Sunday, November 17, 2013

Thankful for my Mother

My mother's birthday was on November 15th. She would have been 89 years old.  She went home to be with Jesus in March of 2004.  I miss her.

Pictures of my mom are on another computer, so I don't have a picture to add of her here at the moment, but I want to tell you about my Momma.

Mother and I were not a really close mother-daughter - we were very different and I was oh so stubborn. Time and life has a way of causing us to re-evaluate people and events of the past.  I wish I had taken time to ask my mother more about her life growing up and her life as a young adult - but I also think there things in her life that were difficult for her to share, with anyone.

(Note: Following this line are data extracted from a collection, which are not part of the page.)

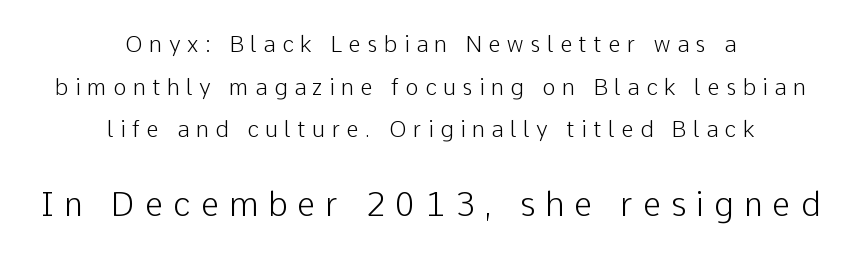
The image shows 33 px light sans-serif type, upright; set centered, loose line spacing (1.94x), unusually wide letter spacing (+0.3 em), not underlined; the second (bottom) block is 1.5x larger; low stroke contrast and a medium x-height.
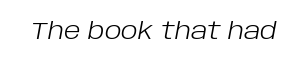
{"italic": "yes", "lean": "right", "slant_degrees": 10, "bold": "no", "underline": "no", "letter_spacing": "normal", "letter_spacing_em": 0.0, "glyph_px": 24}
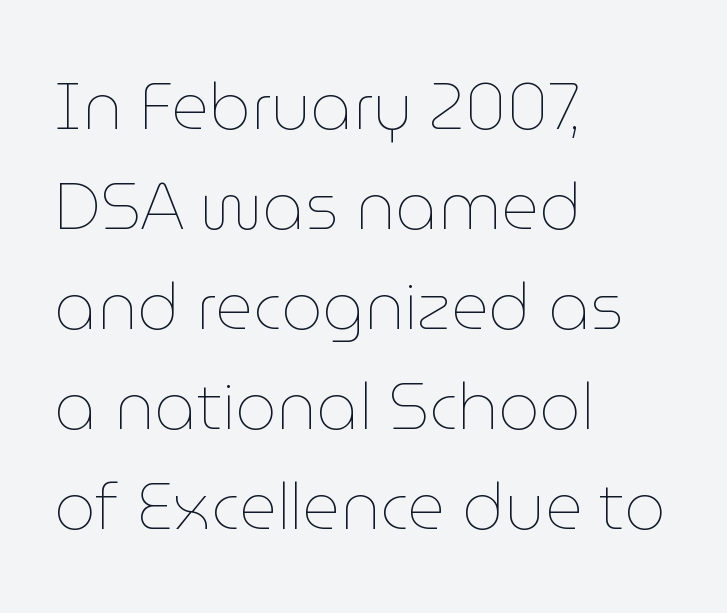
The image shows 65 px thin type, upright; set left-aligned, normal line spacing (1.54x), normal letter spacing, not underlined; low stroke contrast and a medium x-height.
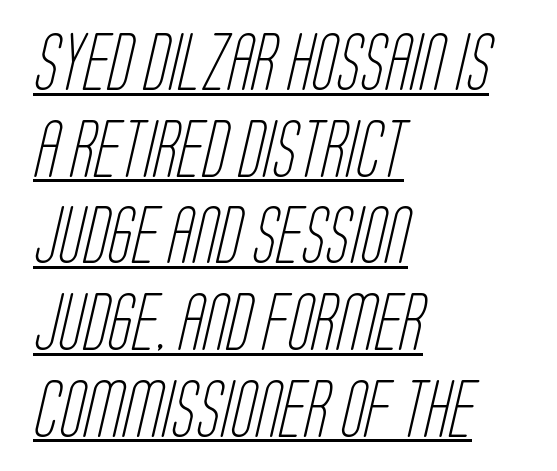
The image shows 57 px light, condensed sans-serif type; set left-aligned, normal line spacing (1.52x), normal letter spacing, underlined; low stroke contrast and a large x-height.
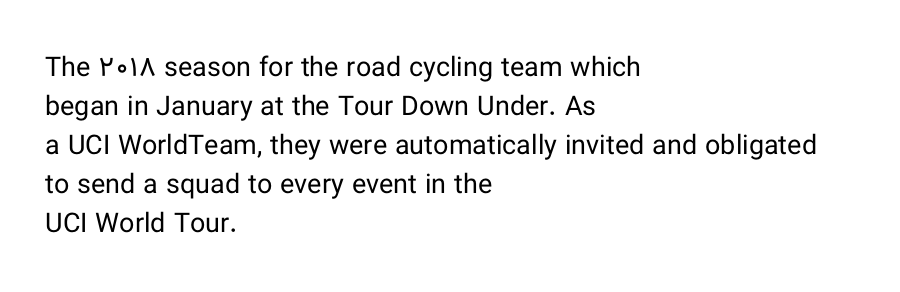
The image shows 27 px text type, upright; set left-aligned, normal line spacing (1.44x), normal letter spacing, not underlined.
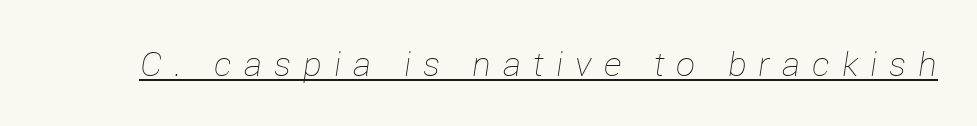
{"italic": "yes", "lean": "right", "slant_degrees": 12, "bold": "no", "weight": "thin", "width": "normal", "stroke_contrast": "low", "x_height": "medium", "monospaced": "no", "underline": "yes", "letter_spacing": "wide", "letter_spacing_em": 0.36, "glyph_px": 34}
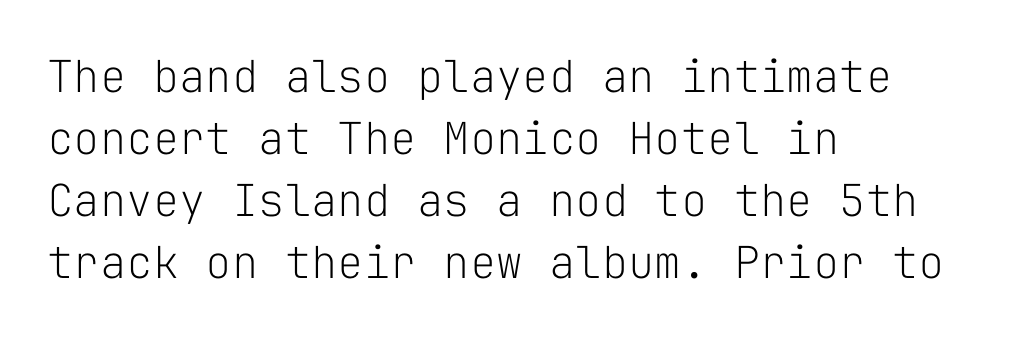
Q: Is the text bold? A: No.
Q: Is the text italic (slanted)? A: No, it is upright.
Q: Is the typeface a serif or a sans-serif typeface? A: Sans-serif.
Q: Is the text underlined? A: No.
Q: How is the paragraph aligned? A: Left-aligned.
Q: Is the spacing between letters normal or unusually wide? A: Normal.
Q: Is the spacing between lines tight, normal or loose? A: Normal.
Q: Width (condensed, normal, or wide)? A: Normal.
Q: Stroke contrast? A: Low.
Q: x-height? A: Medium.
Q: Monospaced? A: Yes.
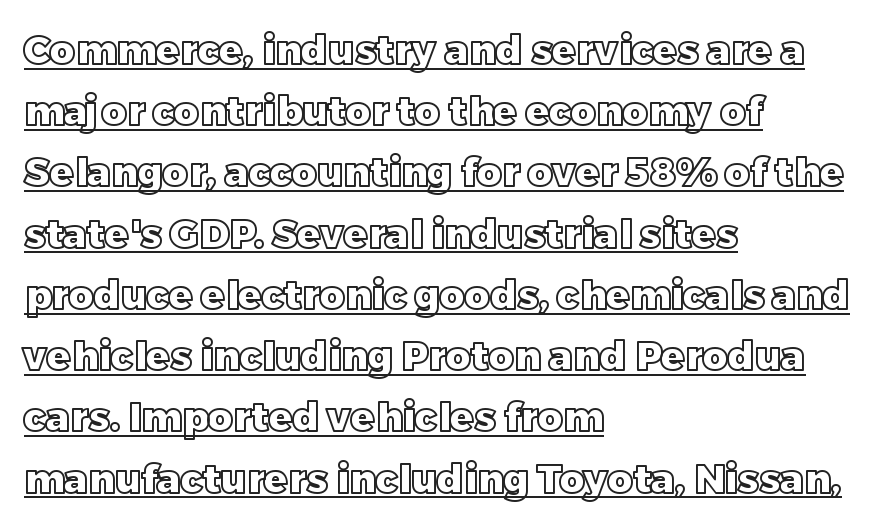
Q: Is the text italic (slanted)? A: No, it is upright.
Q: Is the text underlined? A: Yes.
Q: How is the paragraph aligned? A: Left-aligned.
Q: Is the spacing between letters normal or unusually wide? A: Normal.
Q: Is the spacing between lines tight, normal or loose? A: Normal.
Q: Width (condensed, normal, or wide)? A: Normal.
Q: x-height? A: Large.
Q: Monospaced? A: No.

My mother was a loving and giving person - she had so many friends. She loved God and loved serving Him where ever needed.

Mother served in the Army during WWII. I love the pictures of her in her uniform. She was so beautiful.

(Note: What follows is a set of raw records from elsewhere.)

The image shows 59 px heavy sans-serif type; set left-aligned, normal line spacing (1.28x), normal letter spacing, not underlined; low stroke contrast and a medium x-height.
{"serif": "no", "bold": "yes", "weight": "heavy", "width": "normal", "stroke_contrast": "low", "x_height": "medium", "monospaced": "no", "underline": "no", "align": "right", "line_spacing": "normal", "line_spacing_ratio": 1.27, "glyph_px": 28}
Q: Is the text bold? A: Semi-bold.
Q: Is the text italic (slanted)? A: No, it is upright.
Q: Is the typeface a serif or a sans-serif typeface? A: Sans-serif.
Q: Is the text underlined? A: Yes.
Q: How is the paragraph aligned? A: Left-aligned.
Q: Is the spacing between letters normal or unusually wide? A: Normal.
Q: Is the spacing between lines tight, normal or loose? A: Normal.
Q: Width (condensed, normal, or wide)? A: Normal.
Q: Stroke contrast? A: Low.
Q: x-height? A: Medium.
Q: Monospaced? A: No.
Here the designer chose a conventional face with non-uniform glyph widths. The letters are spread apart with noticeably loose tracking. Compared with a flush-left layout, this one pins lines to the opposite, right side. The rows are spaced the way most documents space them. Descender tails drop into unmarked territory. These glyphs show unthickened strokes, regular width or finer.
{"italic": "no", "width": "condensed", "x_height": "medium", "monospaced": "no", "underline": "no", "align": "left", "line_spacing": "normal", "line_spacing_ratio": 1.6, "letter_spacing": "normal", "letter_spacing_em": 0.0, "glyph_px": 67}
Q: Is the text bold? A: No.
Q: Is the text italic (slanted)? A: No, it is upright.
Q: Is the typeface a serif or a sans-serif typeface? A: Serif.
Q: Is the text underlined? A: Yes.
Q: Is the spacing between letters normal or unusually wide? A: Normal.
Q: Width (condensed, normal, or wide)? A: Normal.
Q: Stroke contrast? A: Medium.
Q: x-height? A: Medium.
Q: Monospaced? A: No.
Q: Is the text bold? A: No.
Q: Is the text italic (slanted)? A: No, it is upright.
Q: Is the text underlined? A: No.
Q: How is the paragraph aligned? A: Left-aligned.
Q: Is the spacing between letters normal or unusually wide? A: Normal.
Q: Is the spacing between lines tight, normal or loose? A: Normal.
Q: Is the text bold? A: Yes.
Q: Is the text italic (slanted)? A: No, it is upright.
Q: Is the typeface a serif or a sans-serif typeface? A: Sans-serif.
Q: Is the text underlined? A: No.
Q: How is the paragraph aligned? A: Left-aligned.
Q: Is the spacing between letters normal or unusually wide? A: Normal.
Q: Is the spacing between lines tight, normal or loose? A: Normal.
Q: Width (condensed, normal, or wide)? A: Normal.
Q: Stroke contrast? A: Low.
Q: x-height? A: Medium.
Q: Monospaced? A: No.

I think the things I remember most about my mother are her courage and bravery. My dad was a violent alcoholic and finally left the family when I was 7 years old and my brother was 5 - cleaning out the bank account in the process.  In those days it was not hip and cool to be a single mom.  You didn't air your "dirty laundry".  My mother worked her butt off to keep a roof over our heads. I know she did without a lot of things herself so that my brother and I had what we needed. My mother never complained and she never said a bad word about my dad, who also, didn't pay child support. Jimmy and I always had food and clothes and a nice Christmas. All I know, is that it was peaceful after my dad left.

When my brother and I were 13 and 11, we went to visit my Dad in Texas. He was remarried and mother said he was okay and not drinking. I can't imagine what she felt putting my brother and I on a plane that summer day.  I couldn't have done it.  Yet, she let us go visit him.  She was brave for sure.

Mother always took us to church - I know it was her faith and relationship with Jesus that got her through all those tough times. When I was in my 20's I decided church didn't have anything relevant to offer and I quit going. My mom, never pushed, but always let me know, God would always be there waiting for me to come back - and 30 years later - I realize how right she was.  So thankful for her prayers and that she was right - God is always ready to welcome us.

When my brother was killed in a car crash, I went to identify his body.  I didn't want mother to remember Jimmy that way.  It was the hardest thing I think I've done.  I cried the entire way to my mother's house and stopped before I went in.  I never let her see me cry - I felt it was my turn to be strong for her.

When her cancer came back - I was with her every step of the way. I knew what she wanted. I knew how she lived and how she wanted to die. I honored her wishes. Thankfully, the cancer took her quickly and she didn't suffer for long.  I was with her when she left this world and walked with Jesus through Heaven's gates. It is a privilege and honor to spend a person's last minutes on earth with them. 

She was brave and courageous for my brother and I when we were little and I was determined to be brave and courageous for her when she needed me.

Today, as I watch my son, Rick, become an amazing worship leader at church, I know how proud she is of him. I know she is worshiping with us on Sunday mornings. 

I wouldn't be the person I am today, without the love and guidance from my mother. I love her and I miss her. But I know I'll see her again one day.